*What the exercise asks*: Your answer should hold exactly the lines from the one containing "Nodule: negative" through the end of the material, and no others.

*Record set*:
########

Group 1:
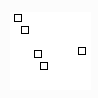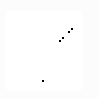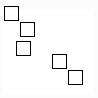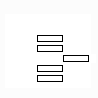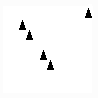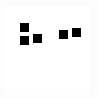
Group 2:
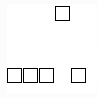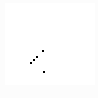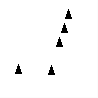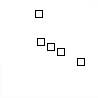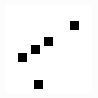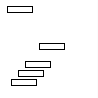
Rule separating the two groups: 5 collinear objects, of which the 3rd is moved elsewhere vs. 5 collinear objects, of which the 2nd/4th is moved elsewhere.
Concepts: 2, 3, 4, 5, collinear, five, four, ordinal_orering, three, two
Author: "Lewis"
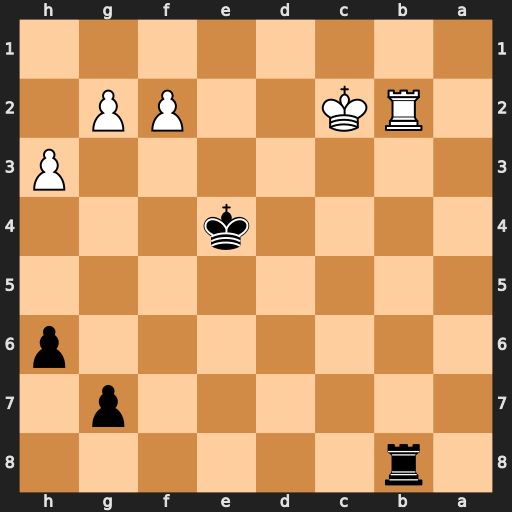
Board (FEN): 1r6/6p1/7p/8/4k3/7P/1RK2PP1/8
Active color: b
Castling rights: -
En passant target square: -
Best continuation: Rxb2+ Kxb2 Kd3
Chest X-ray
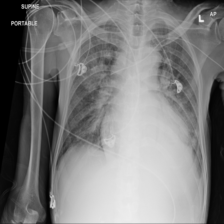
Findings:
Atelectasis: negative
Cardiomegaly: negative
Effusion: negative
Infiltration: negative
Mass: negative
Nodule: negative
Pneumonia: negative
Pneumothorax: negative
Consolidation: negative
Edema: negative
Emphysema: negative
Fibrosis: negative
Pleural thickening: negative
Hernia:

########

*Task output*:
Nodule: negative
Pneumonia: negative
Pneumothorax: negative
Consolidation: negative
Edema: negative
Emphysema: negative
Fibrosis: negative
Pleural thickening: negative
Hernia:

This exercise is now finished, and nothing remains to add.